À nouveau on voit l’affection et la curiosité que les gens portent à une marque de plus de cent cinquante ans qui a su se renouveler. Il y a une file d’attente pour faire le tour des bureaux. C’est sans doute le meilleur moment de l’année dans la vie du journal. Le monde du design toutefois n’utilise rle numérique, pour le moment, que de manière prudente. Pourquoi ?

R.P: Le caractère artisanal et traditionnel de nombreuses entreprises du design a aussi changé leur façon de faire du marketing. C’est une approche conservatrice qui pour moi est une énorme opportunité : cela signifie que ce monde a encore beaucoup d’espace, il a encore des opportunités. C’est le bon moment pour construire la bonne plateforme. Les entreprises doivent trouver leur propre ADN aussi dans le numérique.

Souvent la communication numérique est vue comme liée aussi à la vente en ligne que le monde de la mode a immédiatement adopté. De ce point de vue aussi le monde du design a pris du retard, mais là aussi on note des singes d’une évolution Comme nous parlons de quelque chose d’extrêmement riche, y compris du point de vue des expériences, un showroom comme celui-ci sera toujours essentiel pour connaître le produit, la culture et les valeurs de la marque ; puis, d’un point de vue numérique, il faudra trouver la stratégie omnichannel pour continuer à raconter. Les outils existent, même dans un secteur conservateur comme le monde du design peut franchir le pas.

E.F : Je suis toujours frappée par la manière dont l’autorité apportée par le papier soit recherchée par des personnes et formées dans un contexte numérique. Par exemples : des amies influenceuses choisissent comme photo de profil Instagram la couverture qui leur a été consacrée par quelque magazine, même s’il est encore mineur ; Business of Fashion célèbre sa liste des 500 noms les plus influents de la mode en éditant un journal papier ;

un grand outil numérique comme Il Post célèbre ses neuf années d’existence avec un recueil papier de ses meilleurs articles. Et dans le dernier Uomo Vogue il y a même la publicité d’un influenceur. Un bon signal : cet ami croit tellement à l’autorité de la presse qu’il a acheté une page pour faire sa promotion !

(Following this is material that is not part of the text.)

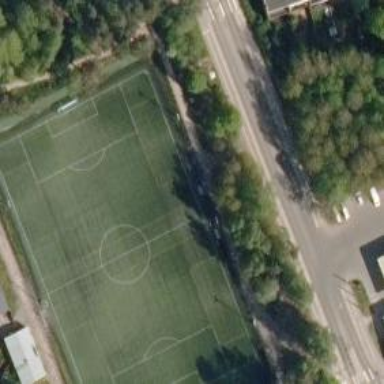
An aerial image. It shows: Artificial turf soccer pitch for leisure sports.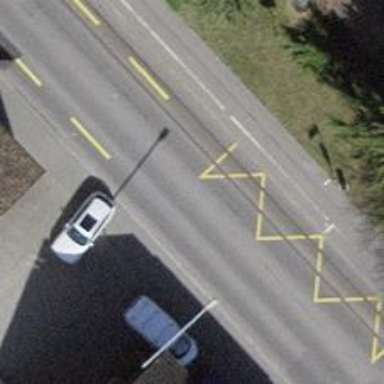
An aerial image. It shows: Public transport stop position.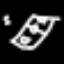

R.P. : C’est justement le message, dans le numérique nous savons tous nous raconter parce que nous le faisons nous-mêmes. Dans le monde du papier ce sont des professionnels qui racontent qui nous sommes : la recherche de cette autorité laisse toute son importance à la presse. La recherche de la qualité aussi comme ce que fait Vogue Italia est la clé pour conserver cette importance pendant au moins les cinquante prochaines années.